# Favorite VIZ top tips



## John-H (Jul 13, 2005)

> PEOPLE whose surname is Toblerone should always take along an empty 'Toblerone' chocolate box when attending interviews for office jobs. This would save your potential employer the expense of having to make a name plaque for your desk, and therefore increase your chances of getting the job.





> Save £££s on contract lenses. Simply cut out small discs of cling film and press them onto your eyes.





> Old telephone directories make excellent personal address books. All you do is cross out all the names of the people you don't know.





> Climb onto your neighbour's roof and dangle a fish on a bit of string in front of his windows. He'll think his house is underwater.





> Buy a television set exactly like your neighbours. Then annoy them by standing outside their window and changing their channel using your identical remote control.





> MOTORISTS. Pressing your 'fog lights' switch a second time after the fog has cleared will actually turn your fog lights off.

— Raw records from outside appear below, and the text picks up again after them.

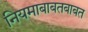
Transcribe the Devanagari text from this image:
नियमाबाबतबाबत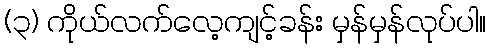
(၃) ကိုယ်လက်လေ့ကျင့်ခန်း မှန်မှန်လုပ်ပါ။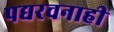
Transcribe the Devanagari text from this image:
पद्यरचनाही

> Cheer loudly at 8.00pm each Saturday to fool the neighbours into thinking you have won the Lottery.





> Girls. Next time you feel like throwing a ball over-arm, don't, because you can't and it just looks silly. Just throw it girlie under-arm style, and no-one will laugh at you, or get hurt.





> X-Files fans. Create the effect of being abducted by aliens by drinking two bottles of vodka. You'll invariably wake up in a strange place the following morning, having had your memory mysteriously 'erased'.

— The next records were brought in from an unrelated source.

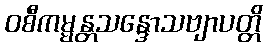
ဝစီကမ္မန္တသန္ဒောသဗျာပတ္တိ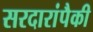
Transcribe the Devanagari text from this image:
सरदारांपैकी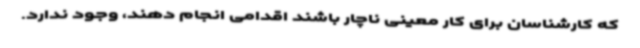
که کارشناسان برای کار معینی ناچار باشند اقدامی انجام دهند، وجود ندارد.

> Minor skin grafts can be performed on pigs by covering any cuts and grazes with thin strips of bacon.





> Did you know that an old bic biro cap makes an excellent Norman helmet for a worm?





> AVOID parking tickets by leaving your windscreen wipers turned to 'fast wipe' whenever you leave your car parked illegally.





> MAKE shopkeepers feel like criminals and con men by carefully checking their change and holding bank notes up to the light before accepting them.





> International master criminals. Tell your guards to shoot James Bond in the head at the first opportunity. Under no circumstances give him a guided tour of your base, or leave him in the custody of attractive women in bikinis.





> Motorists: Save £££s on expensive private number plates by changing your name to match your existing registration.
> 
> Yours sincerely,
> Mr XKB 698Y
> Yorkshire.


----------



## j8keith (Jun 26, 2009)

Some classics :lol: :lol: :lol:


----------



## jamman (May 6, 2002)




----------



## mwad (Oct 11, 2013)

Most funny


----------



## ZephyR2 (Feb 20, 2013)

Some good chucklers there :lol:


----------



## Jacek (Nov 8, 2013)

I can quite visualise that: traffic warden trying to stick that Penalty Notification on the windscreen! Great!


----------



## brian1978 (Jul 10, 2013)

Love it :lol:


----------



## DXN (May 18, 2002)

I always remember

"Dont buy an expensive wide screen TV, simply apply a strip of black gaffer tape to the top and bottom of your existing TV and hey presto"


----------